## Task description:
For every entry below, give it back exactly and leave out any image.

^^^^^^^^

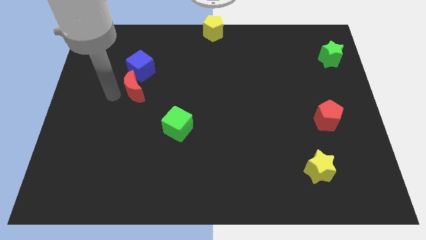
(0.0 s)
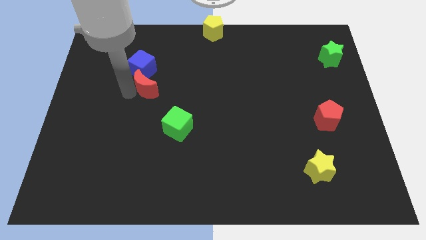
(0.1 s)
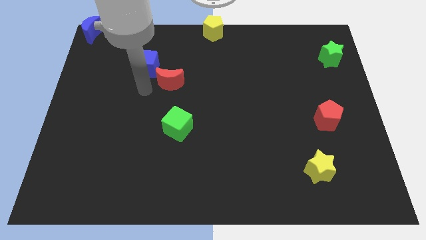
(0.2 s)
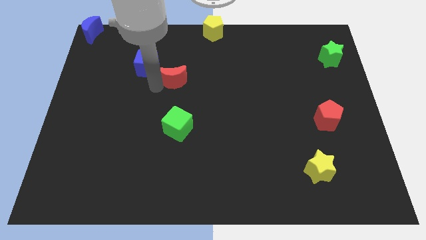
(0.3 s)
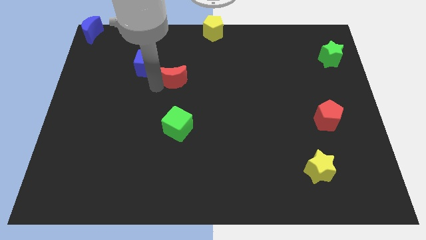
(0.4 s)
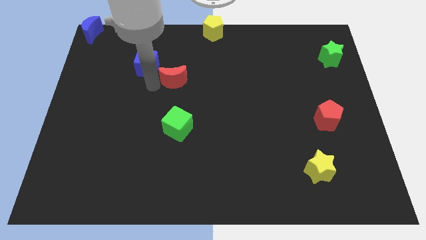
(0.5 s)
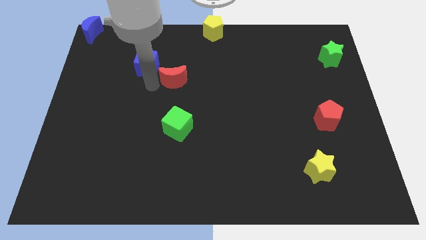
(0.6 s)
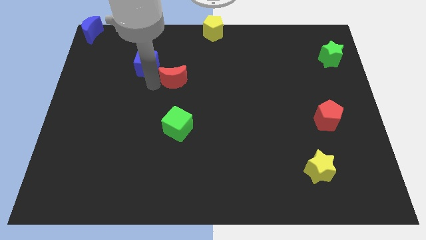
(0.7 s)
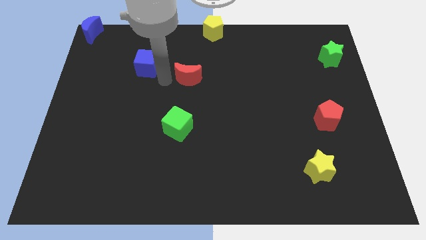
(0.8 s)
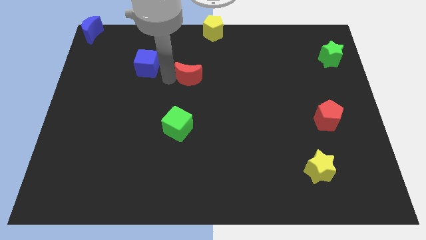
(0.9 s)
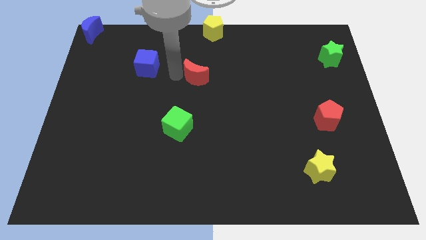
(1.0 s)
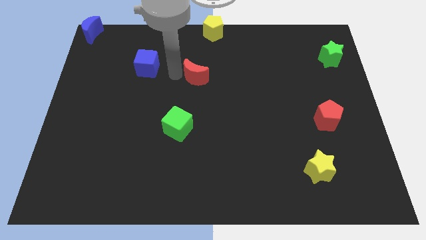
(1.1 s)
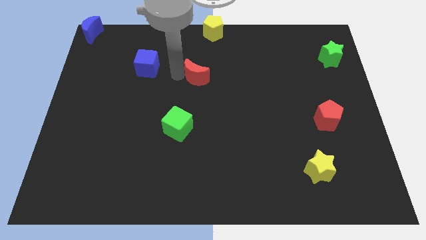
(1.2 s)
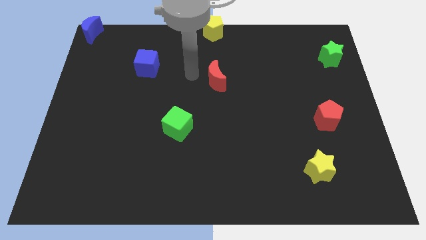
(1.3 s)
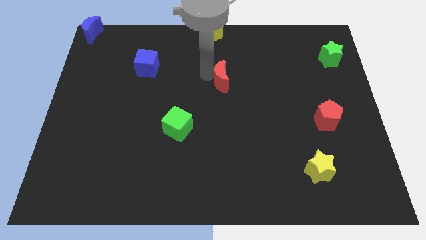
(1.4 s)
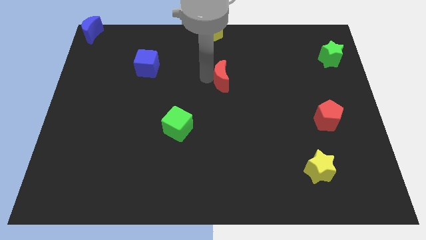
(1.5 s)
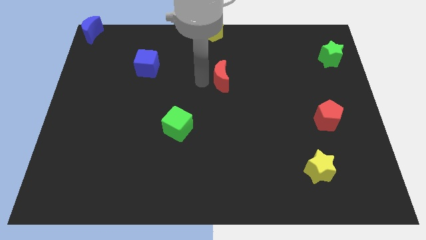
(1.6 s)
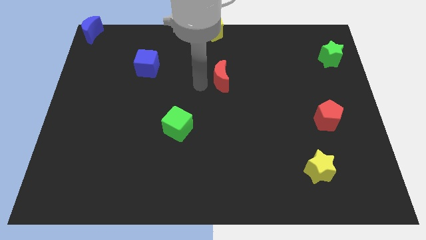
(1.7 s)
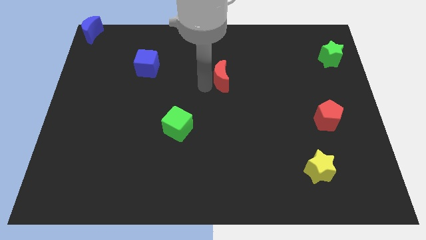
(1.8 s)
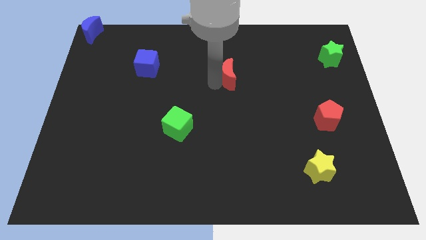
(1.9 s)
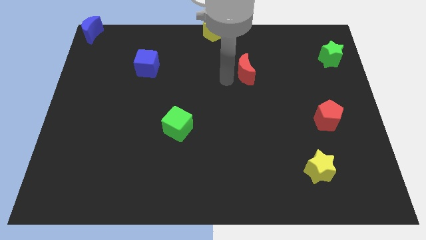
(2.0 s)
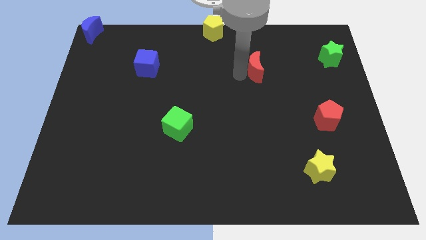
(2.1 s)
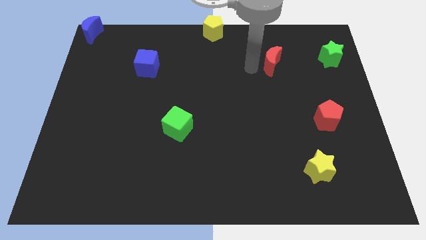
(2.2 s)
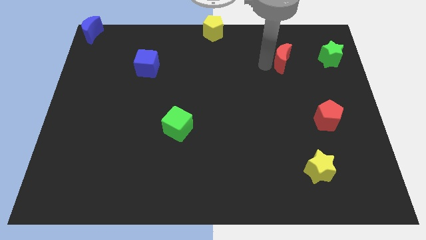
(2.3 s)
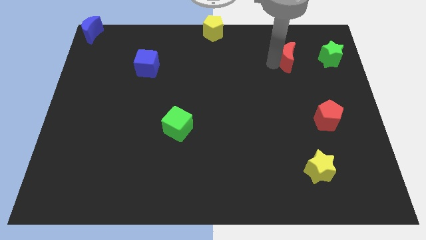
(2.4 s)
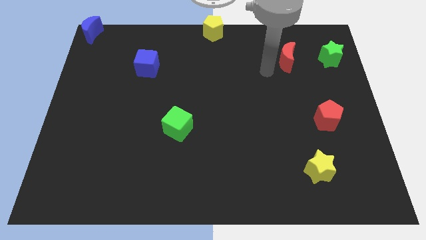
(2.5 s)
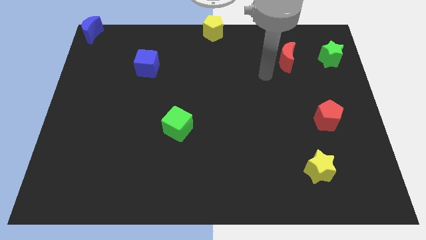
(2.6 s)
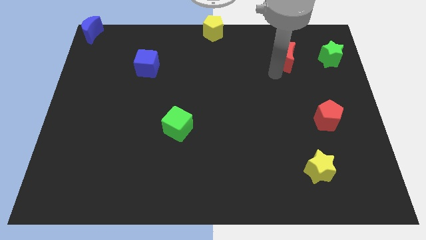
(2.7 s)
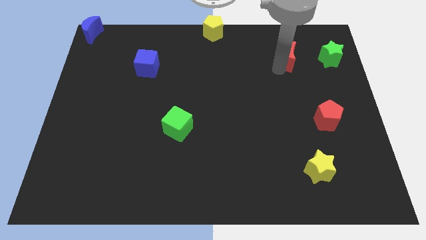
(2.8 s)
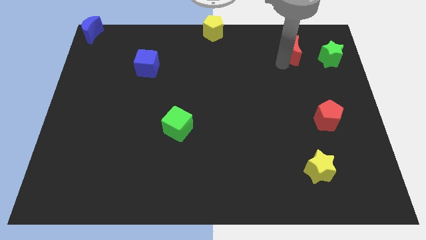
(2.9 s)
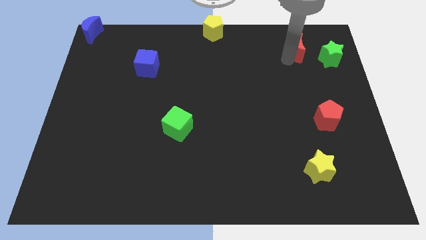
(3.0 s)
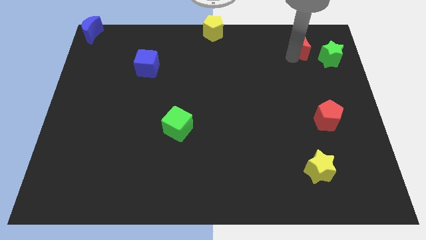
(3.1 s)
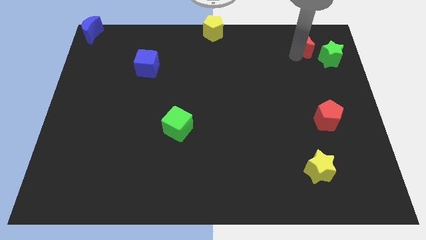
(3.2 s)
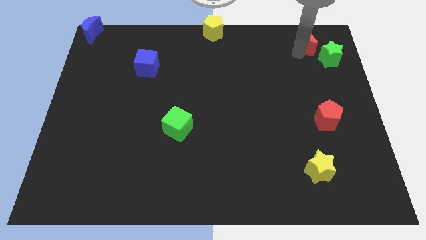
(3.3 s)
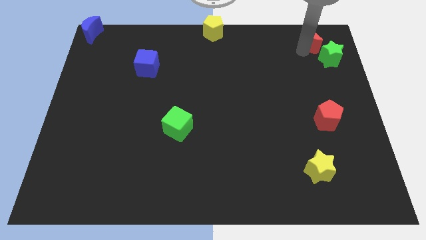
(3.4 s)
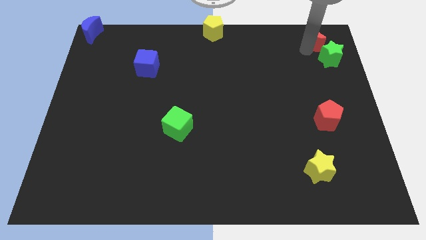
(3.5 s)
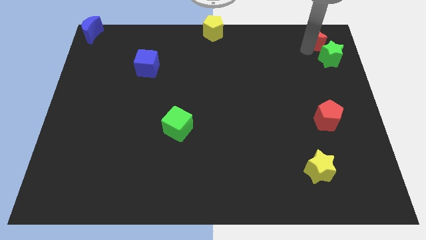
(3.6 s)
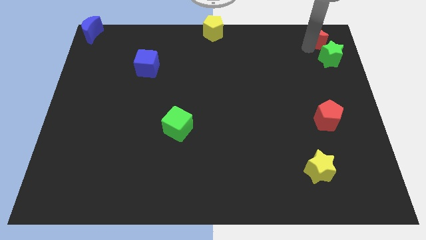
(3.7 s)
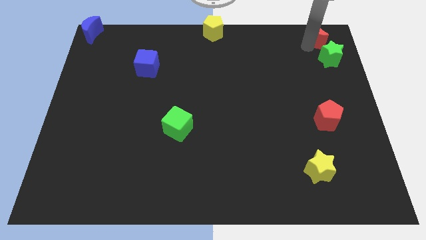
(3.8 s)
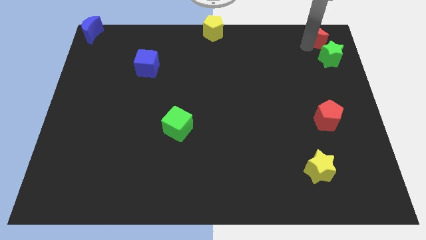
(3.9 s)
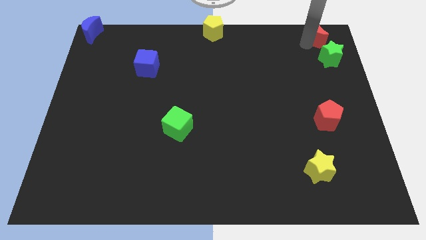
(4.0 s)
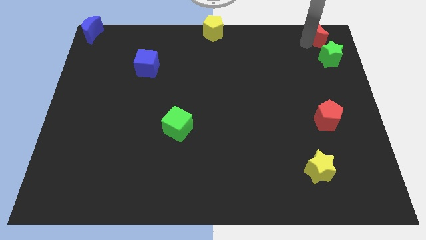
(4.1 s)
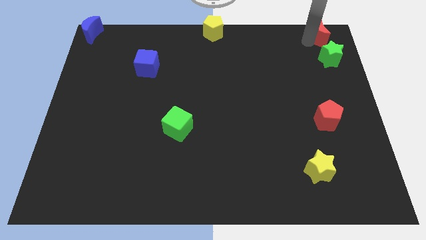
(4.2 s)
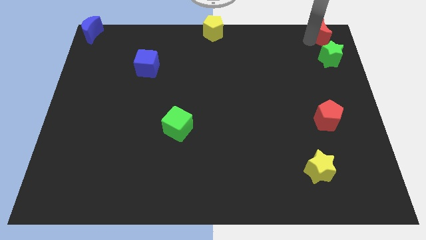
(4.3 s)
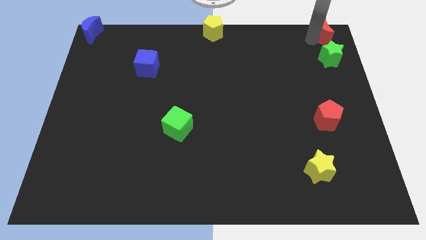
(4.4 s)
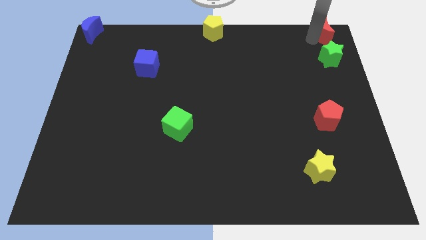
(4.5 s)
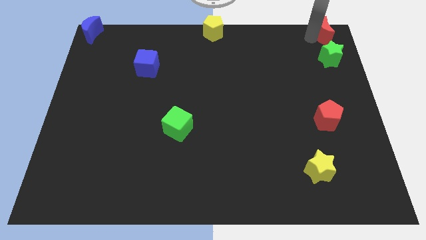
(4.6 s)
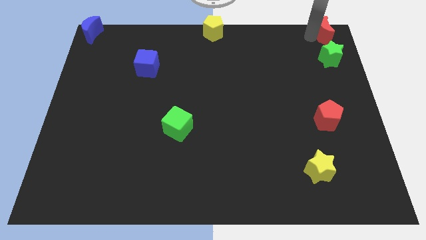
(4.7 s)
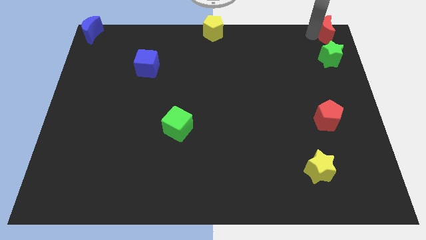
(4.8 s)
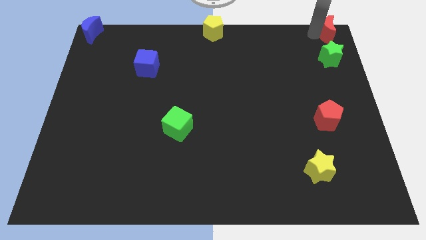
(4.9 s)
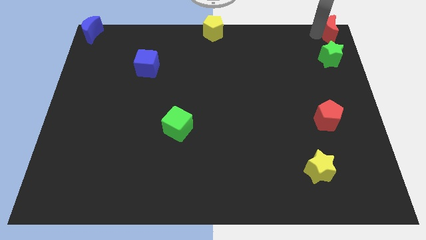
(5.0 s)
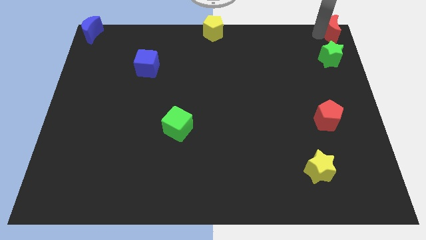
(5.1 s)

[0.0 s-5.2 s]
place the red crescent above the green star

^^^^^^^^

## Result for this exercise:
(0.0 s)
(0.1 s)
(0.2 s)
(0.3 s)
(0.4 s)
(0.5 s)
(0.6 s)
(0.7 s)
(0.8 s)
(0.9 s)
(1.0 s)
(1.1 s)
(1.2 s)
(1.3 s)
(1.4 s)
(1.5 s)
(1.6 s)
(1.7 s)
(1.8 s)
(1.9 s)
(2.0 s)
(2.1 s)
(2.2 s)
(2.3 s)
(2.4 s)
(2.5 s)
(2.6 s)
(2.7 s)
(2.8 s)
(2.9 s)
(3.0 s)
(3.1 s)
(3.2 s)
(3.3 s)
(3.4 s)
(3.5 s)
(3.6 s)
(3.7 s)
(3.8 s)
(3.9 s)
(4.0 s)
(4.1 s)
(4.2 s)
(4.3 s)
(4.4 s)
(4.5 s)
(4.6 s)
(4.7 s)
(4.8 s)
(4.9 s)
(5.0 s)
(5.1 s)

[0.0 s-5.2 s]
place the red crescent above the green star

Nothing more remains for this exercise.